Inside or out?

I've spent a lot of my life denying responsibility for me and for my beliefs, values, attitudes, thinking, behaviour, feelings, and outcomes.

Here are some ways I've done it.

I've blamed:

- Nationality
- Social background
- Genetics
- Childhood influences
- Family of origin
- Conditions
- Diagnoses
- Predispositions
- Temperament
- Character
- Personality
- Habit
- Ignorance
- Incompetence ('I'm not very good with technology')
- Emotion (particularly fear)
- Other people
- Western civilisation
- Addiction
- Alcoholism
- Co-dependency
- Powerlessness
- Unmanageability
- Etc., etc.

Now, these may present challenges, but, as an adult, I am ultimately responsible for how I deal with these challenges.

I've also shifted blame more subtly. One particular way of denying responsibility is to say I'm powerless over people, places, and things, whereas the truth is that my power is merely limited: I am not stripped of power entirely. There is always plenty I can indeed do.

Another tactic is compartmentalisation: e.g. 'Oh, that's my Asperger's', 'That's the French side of me', etc. I've used this tactic in so many ways: embedded attitudes, beliefs, and response patterns, though perfectly susceptible to analysis and systematic (albeit slow) change, are attributed to [insert diagnosis], as though they reside in a separate closed-loop system within the brain.

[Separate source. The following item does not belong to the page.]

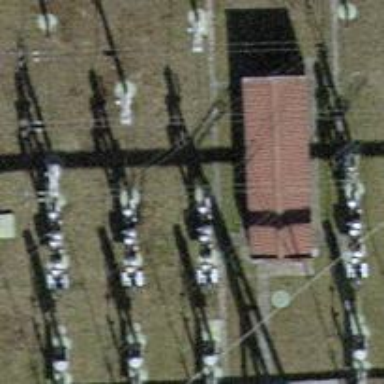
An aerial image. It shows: Insulator used in power equipment.
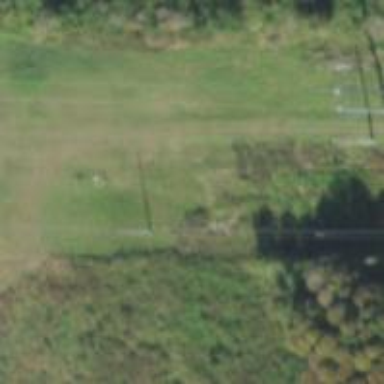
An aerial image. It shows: Power pole.
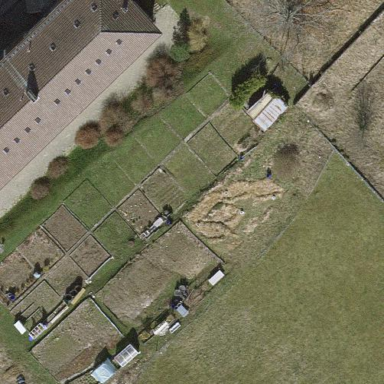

The most remarkable tactic is to blame a character defect for itself, as though it's a barking dog or subsidence: something notionally within my ambit but beyond my direct control. 'That's my perfectionism', 'That's my people-pleasing', 'That's my disorganisation'. Whilst you're now looking at the character defect, you're not looking at me. I get off scot-free.

A further tactic is to use language to shift responsibility:

- A bad atmosphere
- A toxic environment
- A tense phone call
- An emotional meeting

Here, I'm projecting what is within me to some diffuse and vague locus outside myself.

I have taken to repeating: I am not a victim of the world I see. Thank ACIM for that! Plus the Big Book line: our troubles are of our own making (page 62).